TASK DIRECTIONS: Reproduce, exactly and only, the lines of the data that follows from the one containing "What Love Is" down to the one containing "Transcription: is", without pictures.

^^^^^^^^^^^^^^^^

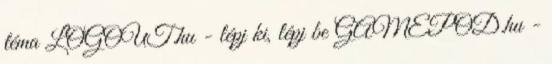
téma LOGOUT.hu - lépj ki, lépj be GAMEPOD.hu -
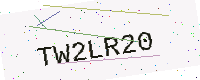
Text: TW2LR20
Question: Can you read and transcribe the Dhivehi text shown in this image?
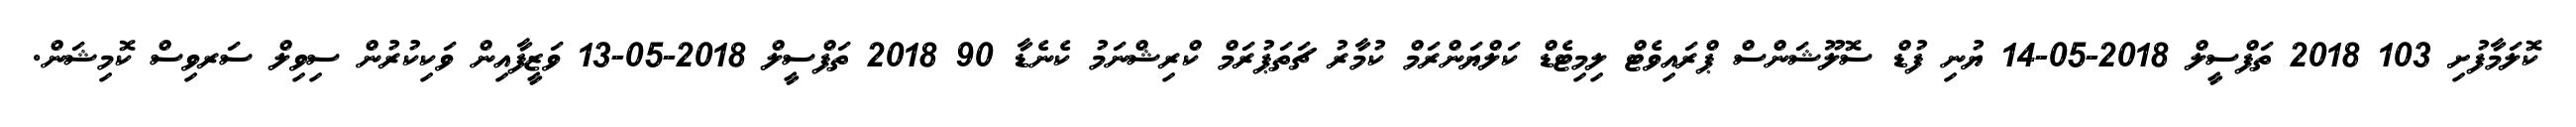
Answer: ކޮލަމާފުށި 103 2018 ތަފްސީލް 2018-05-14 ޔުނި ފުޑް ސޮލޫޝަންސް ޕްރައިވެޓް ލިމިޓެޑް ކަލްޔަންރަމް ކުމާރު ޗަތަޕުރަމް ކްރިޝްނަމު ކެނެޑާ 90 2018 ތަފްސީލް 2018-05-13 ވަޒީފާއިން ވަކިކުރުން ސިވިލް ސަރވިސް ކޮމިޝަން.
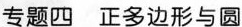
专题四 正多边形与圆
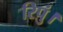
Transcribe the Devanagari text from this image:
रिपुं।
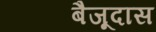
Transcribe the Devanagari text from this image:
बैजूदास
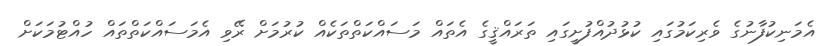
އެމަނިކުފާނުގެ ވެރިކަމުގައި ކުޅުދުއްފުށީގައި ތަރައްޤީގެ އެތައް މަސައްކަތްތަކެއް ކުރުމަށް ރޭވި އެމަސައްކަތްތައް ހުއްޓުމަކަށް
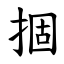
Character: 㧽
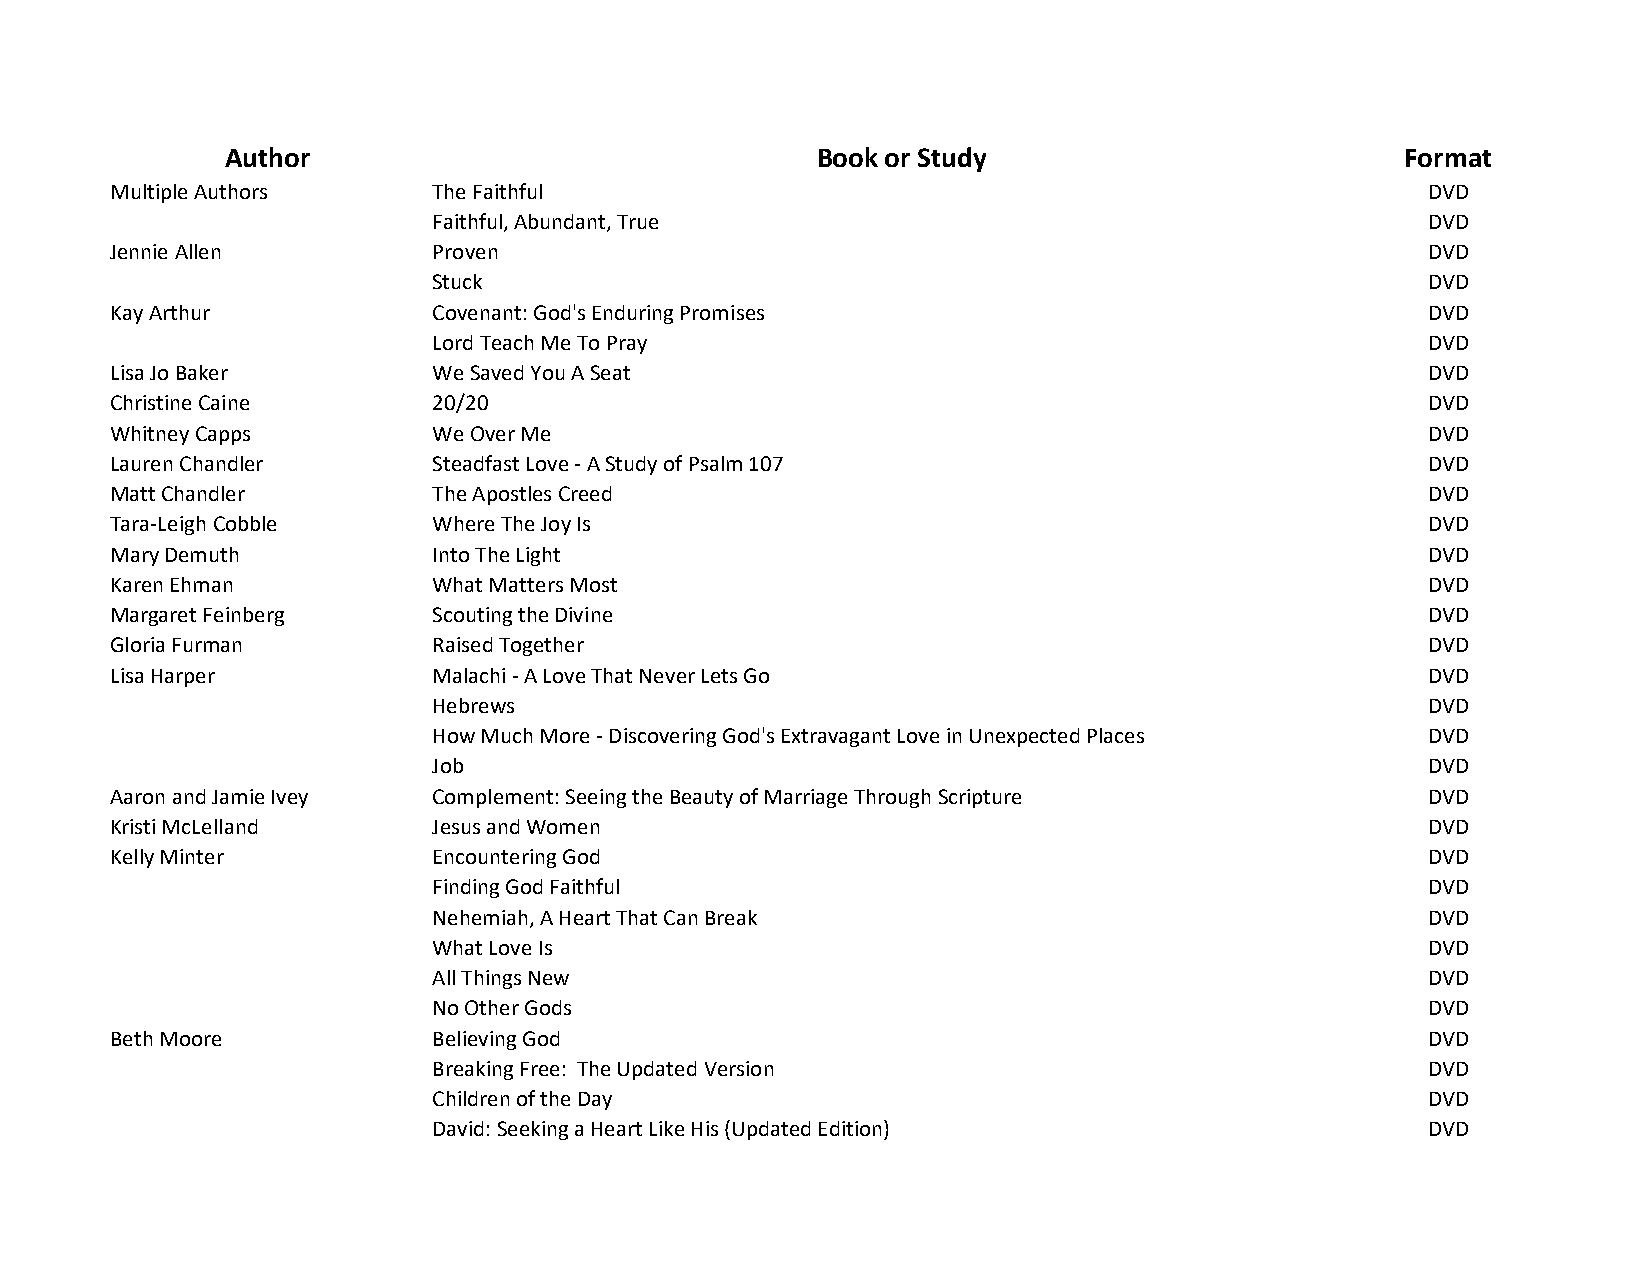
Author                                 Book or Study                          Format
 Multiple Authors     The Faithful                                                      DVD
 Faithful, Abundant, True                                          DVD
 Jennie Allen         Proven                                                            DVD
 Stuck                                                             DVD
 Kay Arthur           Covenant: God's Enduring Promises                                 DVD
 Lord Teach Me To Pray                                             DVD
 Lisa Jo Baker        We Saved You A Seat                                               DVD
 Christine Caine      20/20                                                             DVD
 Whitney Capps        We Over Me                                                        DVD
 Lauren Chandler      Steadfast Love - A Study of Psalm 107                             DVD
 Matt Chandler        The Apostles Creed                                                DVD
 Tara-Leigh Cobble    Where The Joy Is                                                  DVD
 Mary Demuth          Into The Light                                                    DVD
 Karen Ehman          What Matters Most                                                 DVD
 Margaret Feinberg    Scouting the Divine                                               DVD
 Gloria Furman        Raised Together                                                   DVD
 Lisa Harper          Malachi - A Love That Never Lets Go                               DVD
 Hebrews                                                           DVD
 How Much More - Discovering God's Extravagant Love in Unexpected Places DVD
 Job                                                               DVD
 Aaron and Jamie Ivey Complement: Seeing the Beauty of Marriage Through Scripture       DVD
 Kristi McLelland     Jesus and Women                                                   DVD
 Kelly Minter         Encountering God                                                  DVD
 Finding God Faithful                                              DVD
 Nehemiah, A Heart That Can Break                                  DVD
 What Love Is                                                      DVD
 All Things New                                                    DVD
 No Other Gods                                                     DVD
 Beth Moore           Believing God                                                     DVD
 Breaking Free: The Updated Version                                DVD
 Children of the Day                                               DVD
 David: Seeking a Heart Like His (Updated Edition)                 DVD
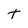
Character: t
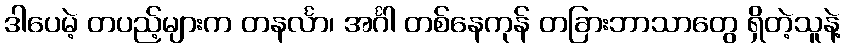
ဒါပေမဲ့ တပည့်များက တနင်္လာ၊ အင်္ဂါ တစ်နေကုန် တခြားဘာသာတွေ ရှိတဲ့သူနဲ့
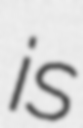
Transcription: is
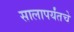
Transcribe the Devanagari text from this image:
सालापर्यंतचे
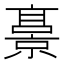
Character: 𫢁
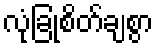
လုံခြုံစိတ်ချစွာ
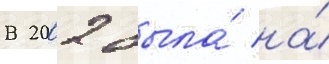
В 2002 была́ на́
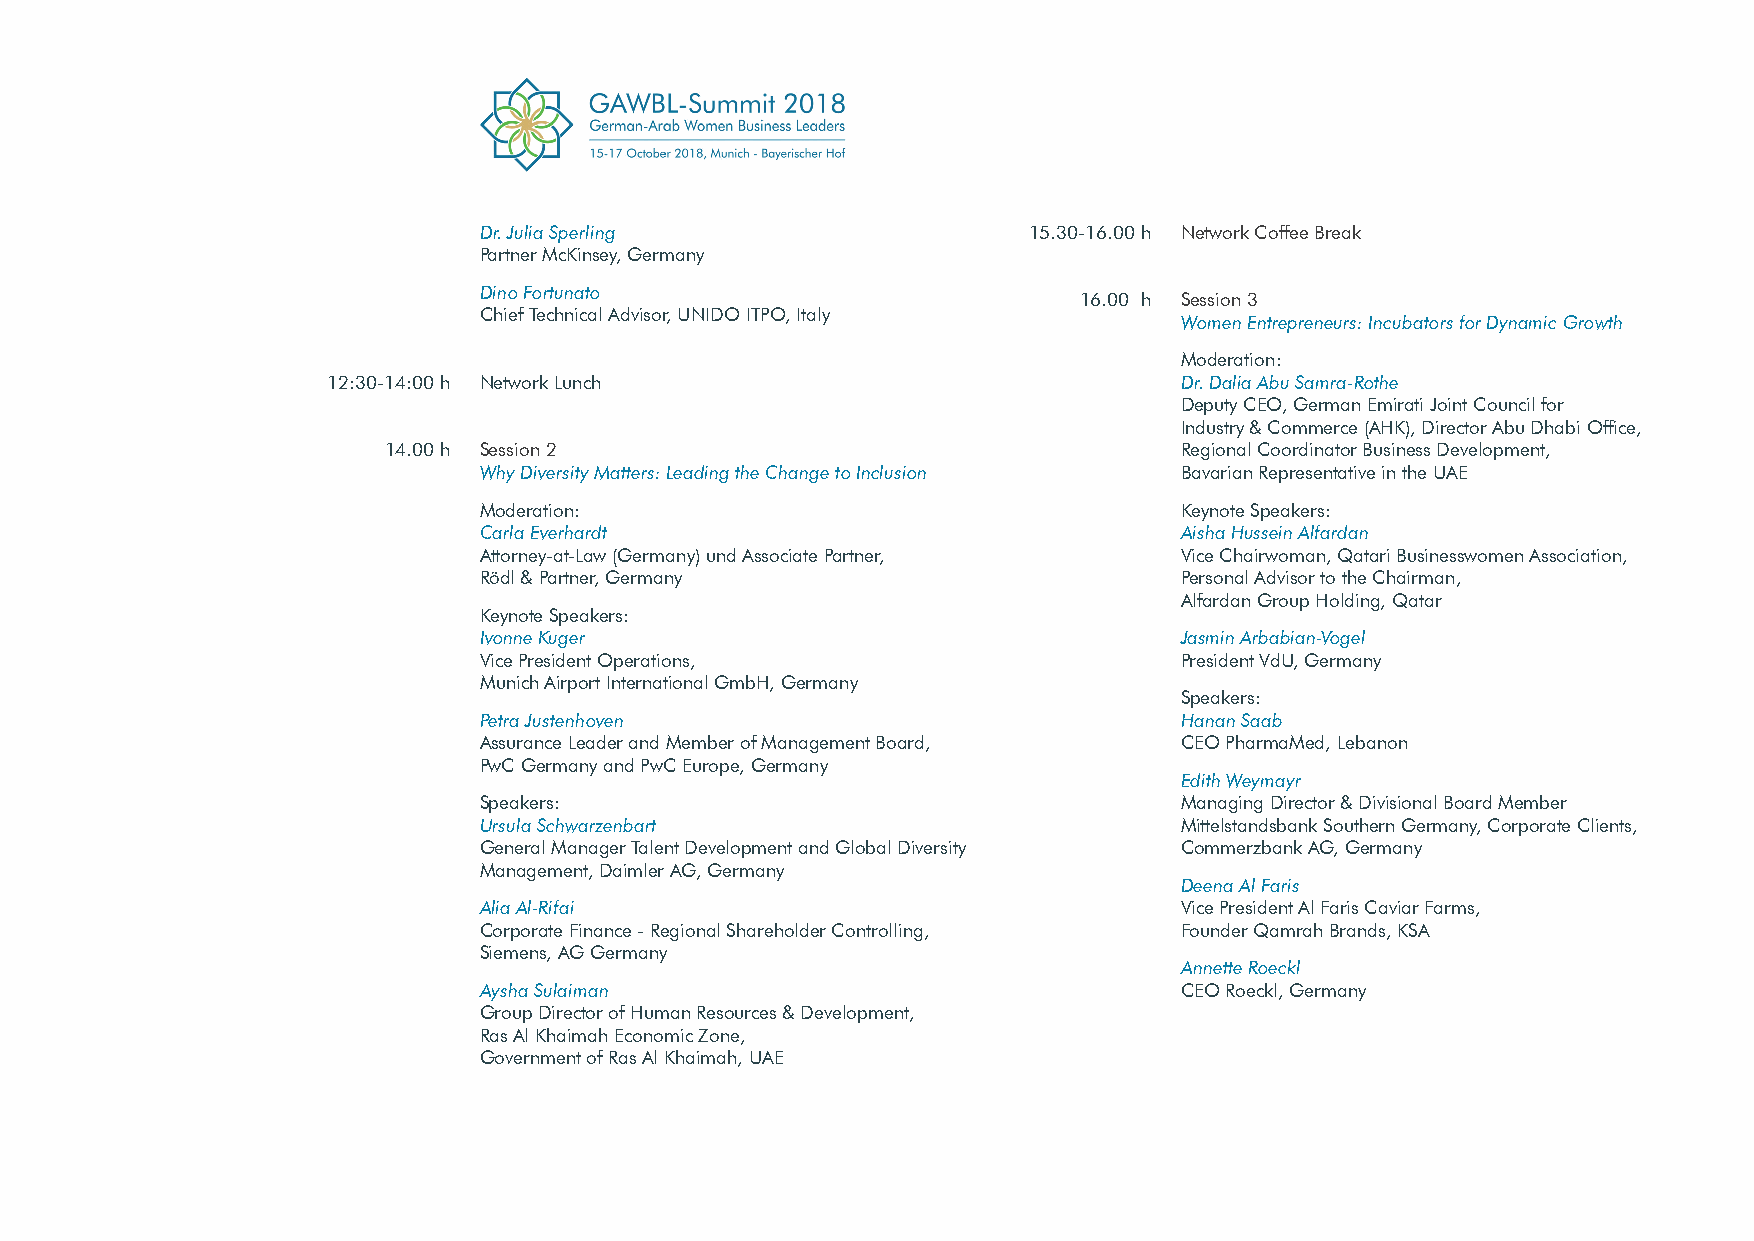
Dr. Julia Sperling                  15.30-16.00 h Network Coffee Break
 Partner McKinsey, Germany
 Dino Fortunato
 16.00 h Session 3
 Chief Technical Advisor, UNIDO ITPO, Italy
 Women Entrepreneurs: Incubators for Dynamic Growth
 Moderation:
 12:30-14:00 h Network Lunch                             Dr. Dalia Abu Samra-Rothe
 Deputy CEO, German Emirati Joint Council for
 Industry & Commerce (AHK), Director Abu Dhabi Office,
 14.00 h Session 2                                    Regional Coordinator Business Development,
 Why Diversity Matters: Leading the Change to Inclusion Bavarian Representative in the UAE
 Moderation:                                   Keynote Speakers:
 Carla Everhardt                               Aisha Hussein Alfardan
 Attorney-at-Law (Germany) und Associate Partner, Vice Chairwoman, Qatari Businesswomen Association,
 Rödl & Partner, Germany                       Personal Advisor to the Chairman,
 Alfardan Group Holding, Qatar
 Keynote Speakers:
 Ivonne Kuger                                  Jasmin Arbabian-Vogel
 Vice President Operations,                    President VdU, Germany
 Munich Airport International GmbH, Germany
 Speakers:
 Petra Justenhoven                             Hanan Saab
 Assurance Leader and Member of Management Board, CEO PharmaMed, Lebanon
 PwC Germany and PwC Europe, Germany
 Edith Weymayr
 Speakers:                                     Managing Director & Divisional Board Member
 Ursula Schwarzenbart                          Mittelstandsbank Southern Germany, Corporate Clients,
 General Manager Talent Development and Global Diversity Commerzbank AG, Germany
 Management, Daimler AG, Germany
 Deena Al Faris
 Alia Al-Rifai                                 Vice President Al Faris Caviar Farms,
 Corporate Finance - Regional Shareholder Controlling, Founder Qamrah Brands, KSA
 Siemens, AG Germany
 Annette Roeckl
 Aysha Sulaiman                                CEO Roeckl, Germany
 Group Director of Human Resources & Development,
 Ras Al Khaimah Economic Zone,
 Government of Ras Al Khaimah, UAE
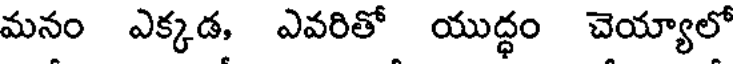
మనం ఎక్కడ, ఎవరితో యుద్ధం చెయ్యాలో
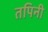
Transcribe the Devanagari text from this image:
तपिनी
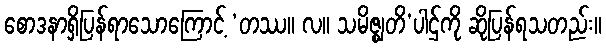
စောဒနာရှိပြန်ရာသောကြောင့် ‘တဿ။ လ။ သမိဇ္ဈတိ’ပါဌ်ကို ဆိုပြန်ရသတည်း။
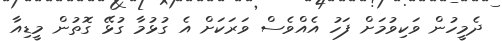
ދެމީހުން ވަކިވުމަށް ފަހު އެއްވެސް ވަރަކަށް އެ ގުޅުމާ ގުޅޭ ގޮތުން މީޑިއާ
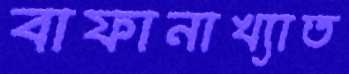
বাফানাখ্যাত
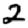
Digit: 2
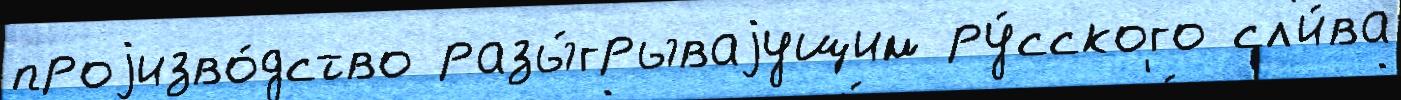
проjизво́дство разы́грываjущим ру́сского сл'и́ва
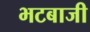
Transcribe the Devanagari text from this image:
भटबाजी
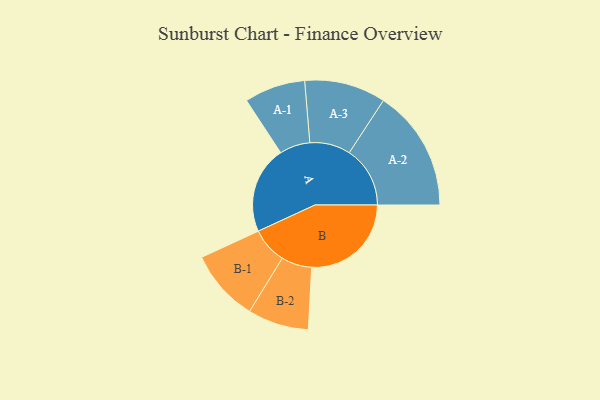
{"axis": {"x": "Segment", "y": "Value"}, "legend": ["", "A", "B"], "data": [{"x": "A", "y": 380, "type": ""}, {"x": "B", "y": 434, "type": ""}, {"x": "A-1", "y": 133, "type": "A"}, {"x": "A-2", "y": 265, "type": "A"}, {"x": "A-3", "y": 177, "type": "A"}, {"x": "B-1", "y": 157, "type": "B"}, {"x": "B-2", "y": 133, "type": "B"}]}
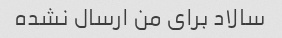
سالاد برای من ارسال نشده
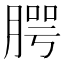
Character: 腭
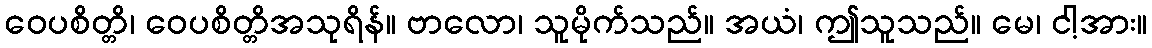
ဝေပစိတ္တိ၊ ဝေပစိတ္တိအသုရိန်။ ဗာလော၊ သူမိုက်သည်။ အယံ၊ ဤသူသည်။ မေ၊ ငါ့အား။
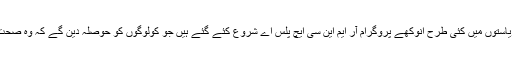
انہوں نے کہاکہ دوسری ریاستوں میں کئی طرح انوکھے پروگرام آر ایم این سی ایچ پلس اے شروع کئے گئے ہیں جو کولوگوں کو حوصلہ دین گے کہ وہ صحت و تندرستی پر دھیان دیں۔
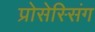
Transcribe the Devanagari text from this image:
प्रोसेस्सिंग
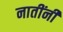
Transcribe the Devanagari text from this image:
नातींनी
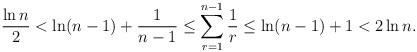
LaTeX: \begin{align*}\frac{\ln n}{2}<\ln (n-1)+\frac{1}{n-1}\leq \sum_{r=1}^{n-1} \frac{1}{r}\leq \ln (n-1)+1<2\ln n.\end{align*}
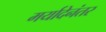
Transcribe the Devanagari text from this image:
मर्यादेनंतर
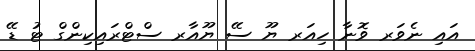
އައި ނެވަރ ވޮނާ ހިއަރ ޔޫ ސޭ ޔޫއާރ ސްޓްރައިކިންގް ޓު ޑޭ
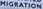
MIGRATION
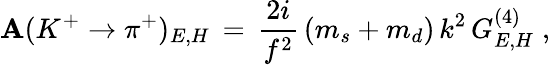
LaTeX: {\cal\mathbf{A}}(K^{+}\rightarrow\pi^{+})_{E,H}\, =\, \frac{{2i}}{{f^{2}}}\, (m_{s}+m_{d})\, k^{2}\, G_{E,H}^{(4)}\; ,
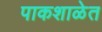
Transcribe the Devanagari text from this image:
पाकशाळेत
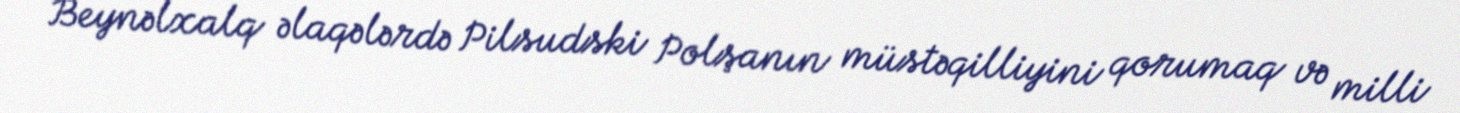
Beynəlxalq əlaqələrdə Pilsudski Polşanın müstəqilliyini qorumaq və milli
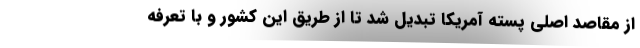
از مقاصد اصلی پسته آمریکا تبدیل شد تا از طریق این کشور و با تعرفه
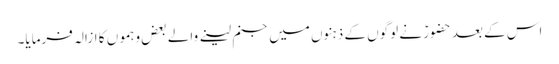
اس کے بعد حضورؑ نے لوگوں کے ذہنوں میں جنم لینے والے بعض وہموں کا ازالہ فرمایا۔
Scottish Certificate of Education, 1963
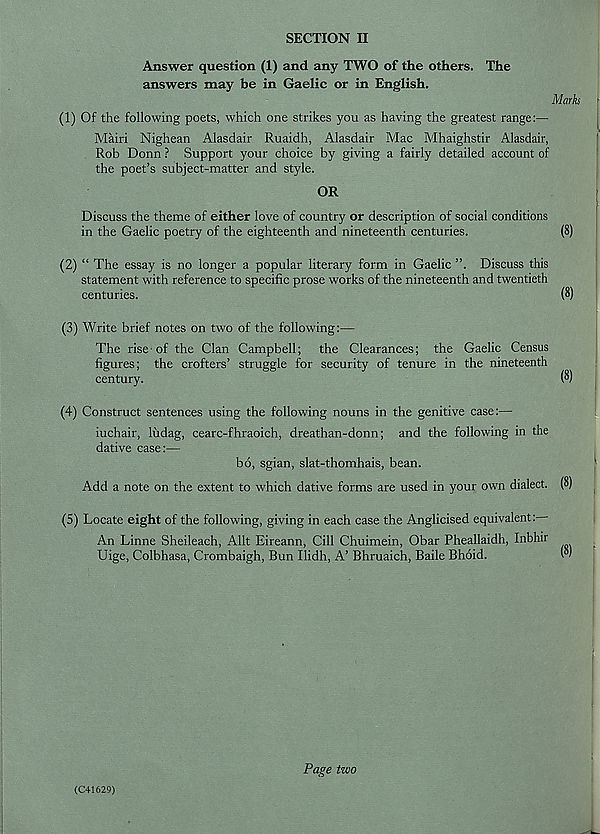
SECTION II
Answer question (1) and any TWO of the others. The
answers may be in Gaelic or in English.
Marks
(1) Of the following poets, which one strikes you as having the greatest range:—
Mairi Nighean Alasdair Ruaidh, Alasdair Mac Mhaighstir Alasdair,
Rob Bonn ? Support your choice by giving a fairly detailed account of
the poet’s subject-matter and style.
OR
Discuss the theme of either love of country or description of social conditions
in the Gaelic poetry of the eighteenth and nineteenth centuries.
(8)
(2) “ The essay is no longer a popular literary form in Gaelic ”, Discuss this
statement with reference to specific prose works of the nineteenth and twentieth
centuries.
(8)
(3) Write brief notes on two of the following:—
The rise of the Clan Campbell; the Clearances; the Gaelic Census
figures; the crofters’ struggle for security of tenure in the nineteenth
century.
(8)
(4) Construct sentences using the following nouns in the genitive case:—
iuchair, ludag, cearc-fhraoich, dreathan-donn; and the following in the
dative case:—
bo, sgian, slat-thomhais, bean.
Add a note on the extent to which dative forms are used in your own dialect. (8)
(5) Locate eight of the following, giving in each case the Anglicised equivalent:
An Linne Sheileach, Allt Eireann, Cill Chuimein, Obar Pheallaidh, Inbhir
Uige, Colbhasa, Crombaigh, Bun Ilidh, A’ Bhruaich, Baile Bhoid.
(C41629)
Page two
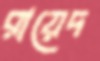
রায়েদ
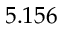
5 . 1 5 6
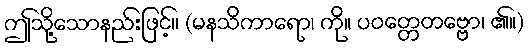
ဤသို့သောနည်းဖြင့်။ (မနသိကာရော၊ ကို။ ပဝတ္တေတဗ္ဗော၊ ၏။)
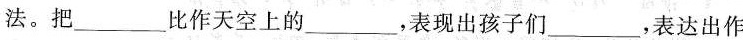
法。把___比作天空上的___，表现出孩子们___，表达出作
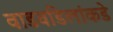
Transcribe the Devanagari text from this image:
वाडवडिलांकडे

^^^^^^^^^^^^^^^^

FINISHED EXERCISE:
 What Love Is                                                      DVD
 All Things New                                                    DVD
 No Other Gods                                                     DVD
 Beth Moore           Believing God                                                     DVD
 Breaking Free: The Updated Version                                DVD
 Children of the Day                                               DVD
 David: Seeking a Heart Like His (Updated Edition)                 DVD
Character: t
ဒါပေမဲ့ တပည့်များက တနင်္လာ၊ အင်္ဂါ တစ်နေကုန် တခြားဘာသာတွေ ရှိတဲ့သူနဲ့
Transcription: is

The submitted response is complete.